--- DATA FOR REVIEW Enclosed Below ---

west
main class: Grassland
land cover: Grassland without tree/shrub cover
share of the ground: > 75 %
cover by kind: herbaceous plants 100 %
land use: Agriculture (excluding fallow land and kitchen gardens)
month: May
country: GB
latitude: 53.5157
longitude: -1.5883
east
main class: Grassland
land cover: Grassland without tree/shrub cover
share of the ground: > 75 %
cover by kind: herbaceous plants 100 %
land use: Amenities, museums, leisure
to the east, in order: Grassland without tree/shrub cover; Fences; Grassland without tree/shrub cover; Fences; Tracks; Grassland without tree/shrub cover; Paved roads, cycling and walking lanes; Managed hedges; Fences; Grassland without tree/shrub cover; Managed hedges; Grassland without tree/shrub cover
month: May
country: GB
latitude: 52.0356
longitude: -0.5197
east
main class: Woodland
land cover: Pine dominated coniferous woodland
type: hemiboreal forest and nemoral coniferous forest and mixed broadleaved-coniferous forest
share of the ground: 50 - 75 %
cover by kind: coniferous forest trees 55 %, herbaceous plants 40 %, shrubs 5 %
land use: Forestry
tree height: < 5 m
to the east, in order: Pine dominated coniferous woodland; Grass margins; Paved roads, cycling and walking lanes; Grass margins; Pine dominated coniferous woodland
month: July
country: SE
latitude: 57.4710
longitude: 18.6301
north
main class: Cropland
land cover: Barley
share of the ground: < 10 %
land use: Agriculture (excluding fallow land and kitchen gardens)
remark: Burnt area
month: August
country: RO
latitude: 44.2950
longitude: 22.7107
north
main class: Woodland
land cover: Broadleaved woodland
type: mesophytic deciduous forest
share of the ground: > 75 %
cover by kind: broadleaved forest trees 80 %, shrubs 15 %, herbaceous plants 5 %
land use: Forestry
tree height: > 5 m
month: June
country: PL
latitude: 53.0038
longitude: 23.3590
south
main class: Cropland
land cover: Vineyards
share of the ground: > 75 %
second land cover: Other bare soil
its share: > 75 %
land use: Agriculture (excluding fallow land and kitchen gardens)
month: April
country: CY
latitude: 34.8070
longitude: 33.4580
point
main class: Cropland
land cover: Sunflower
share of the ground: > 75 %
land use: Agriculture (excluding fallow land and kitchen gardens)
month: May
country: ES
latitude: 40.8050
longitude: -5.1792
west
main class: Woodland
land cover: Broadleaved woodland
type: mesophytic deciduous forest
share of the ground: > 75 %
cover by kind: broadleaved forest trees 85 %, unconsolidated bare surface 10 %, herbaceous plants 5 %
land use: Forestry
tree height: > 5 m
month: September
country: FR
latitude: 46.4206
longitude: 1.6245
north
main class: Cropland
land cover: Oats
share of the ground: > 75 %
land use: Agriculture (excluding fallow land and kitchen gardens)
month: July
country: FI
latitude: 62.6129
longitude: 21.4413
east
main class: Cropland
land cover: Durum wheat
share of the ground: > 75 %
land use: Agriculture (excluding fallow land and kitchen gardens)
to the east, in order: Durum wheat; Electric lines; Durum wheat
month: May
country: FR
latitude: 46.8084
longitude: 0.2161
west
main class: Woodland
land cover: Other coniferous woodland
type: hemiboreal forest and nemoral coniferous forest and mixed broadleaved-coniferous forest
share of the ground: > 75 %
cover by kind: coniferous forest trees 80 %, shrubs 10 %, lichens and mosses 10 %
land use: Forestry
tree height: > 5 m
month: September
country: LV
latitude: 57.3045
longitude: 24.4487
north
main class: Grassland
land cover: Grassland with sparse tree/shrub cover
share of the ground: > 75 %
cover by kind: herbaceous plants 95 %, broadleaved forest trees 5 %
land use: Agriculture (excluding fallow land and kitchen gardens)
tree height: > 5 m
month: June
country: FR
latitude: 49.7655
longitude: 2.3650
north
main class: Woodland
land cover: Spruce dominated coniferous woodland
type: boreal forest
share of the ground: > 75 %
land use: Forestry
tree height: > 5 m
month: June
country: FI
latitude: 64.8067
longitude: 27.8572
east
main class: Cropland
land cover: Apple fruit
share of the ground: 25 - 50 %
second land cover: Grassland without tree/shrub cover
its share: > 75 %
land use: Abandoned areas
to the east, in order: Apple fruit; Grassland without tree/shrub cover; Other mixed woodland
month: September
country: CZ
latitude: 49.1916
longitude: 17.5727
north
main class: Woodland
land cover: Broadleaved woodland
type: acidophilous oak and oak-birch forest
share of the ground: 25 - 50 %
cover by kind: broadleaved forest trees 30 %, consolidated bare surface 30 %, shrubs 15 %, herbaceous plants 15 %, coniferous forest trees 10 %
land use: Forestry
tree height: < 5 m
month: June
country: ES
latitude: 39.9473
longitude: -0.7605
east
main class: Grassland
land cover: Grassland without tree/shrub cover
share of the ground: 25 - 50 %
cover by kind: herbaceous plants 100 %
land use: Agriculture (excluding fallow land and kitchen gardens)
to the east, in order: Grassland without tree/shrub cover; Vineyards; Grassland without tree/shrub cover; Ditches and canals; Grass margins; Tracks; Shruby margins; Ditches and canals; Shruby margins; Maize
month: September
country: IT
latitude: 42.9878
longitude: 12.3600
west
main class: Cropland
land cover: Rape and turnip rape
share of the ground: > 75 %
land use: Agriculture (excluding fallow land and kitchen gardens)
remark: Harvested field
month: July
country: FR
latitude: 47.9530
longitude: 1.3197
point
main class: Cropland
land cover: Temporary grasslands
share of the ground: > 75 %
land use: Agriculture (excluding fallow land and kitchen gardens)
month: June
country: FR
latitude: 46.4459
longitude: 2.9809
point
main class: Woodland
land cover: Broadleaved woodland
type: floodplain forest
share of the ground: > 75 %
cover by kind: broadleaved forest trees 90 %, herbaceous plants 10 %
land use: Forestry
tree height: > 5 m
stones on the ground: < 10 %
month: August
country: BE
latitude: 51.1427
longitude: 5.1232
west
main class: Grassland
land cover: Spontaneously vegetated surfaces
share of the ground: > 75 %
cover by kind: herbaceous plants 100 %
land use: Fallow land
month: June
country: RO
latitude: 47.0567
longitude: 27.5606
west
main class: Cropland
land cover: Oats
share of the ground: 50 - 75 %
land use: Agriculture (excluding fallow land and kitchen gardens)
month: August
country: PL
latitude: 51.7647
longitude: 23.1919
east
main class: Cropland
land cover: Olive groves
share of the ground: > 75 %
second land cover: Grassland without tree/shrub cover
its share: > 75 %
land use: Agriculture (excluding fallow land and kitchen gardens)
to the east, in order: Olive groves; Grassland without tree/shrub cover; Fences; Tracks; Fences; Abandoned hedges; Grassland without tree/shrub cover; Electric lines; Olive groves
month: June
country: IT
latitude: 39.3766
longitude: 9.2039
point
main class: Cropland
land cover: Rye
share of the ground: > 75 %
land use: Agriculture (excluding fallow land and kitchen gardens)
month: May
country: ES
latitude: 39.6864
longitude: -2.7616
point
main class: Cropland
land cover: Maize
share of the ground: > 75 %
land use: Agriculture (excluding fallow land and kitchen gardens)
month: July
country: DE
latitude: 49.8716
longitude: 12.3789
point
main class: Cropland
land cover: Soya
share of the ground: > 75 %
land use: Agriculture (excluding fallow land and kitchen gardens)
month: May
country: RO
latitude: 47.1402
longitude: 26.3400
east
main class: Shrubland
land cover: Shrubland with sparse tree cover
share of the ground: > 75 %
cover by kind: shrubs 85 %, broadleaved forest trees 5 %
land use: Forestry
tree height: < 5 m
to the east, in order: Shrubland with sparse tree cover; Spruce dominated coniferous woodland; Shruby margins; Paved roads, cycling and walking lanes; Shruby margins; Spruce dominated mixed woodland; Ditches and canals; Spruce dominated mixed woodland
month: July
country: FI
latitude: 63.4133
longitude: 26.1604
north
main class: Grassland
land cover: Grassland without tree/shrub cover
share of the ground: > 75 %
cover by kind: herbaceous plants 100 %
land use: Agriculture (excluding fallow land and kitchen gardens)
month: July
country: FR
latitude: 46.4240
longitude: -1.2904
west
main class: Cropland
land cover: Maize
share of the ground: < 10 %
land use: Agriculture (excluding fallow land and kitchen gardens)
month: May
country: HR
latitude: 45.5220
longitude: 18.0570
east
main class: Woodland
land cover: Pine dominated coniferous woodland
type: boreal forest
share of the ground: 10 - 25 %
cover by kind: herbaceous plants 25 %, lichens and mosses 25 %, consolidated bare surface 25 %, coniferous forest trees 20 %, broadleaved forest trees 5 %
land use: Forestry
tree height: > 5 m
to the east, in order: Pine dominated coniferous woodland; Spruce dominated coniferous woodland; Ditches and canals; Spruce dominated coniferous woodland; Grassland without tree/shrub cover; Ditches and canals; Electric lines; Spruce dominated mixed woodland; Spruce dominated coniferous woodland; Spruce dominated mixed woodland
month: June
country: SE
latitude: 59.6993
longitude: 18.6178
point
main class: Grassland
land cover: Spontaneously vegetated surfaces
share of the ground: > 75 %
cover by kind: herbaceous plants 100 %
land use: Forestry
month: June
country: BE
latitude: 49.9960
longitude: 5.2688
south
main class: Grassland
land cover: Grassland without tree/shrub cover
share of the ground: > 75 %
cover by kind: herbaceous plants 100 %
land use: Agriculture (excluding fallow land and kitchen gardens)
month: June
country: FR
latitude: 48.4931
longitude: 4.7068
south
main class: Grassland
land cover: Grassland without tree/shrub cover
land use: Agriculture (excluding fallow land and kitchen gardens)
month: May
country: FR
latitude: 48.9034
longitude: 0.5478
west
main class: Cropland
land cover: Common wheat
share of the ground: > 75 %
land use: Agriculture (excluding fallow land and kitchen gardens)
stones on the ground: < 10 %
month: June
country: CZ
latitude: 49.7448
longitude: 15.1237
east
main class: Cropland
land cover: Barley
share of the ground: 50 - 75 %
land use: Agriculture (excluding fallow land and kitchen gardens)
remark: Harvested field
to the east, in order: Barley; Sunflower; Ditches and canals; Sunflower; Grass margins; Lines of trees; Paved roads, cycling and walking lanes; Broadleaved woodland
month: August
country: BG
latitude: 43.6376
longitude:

--- End of Enclosed DATA FOR REVIEW ---

§ WHAT YOU SHOULD DO
Go through the records above and, whenever a line includes the word "sparse", copy it.

§ REPLY
land cover: Grassland with sparse tree/shrub cover
land cover: Shrubland with sparse tree cover
to the east, in order: Shrubland with sparse tree cover; Spruce dominated coniferous woodland; Shruby margins; Paved roads, cycling and walking lanes; Shruby margins; Spruce dominated mixed woodland; Ditches and canals; Spruce dominated mixed woodland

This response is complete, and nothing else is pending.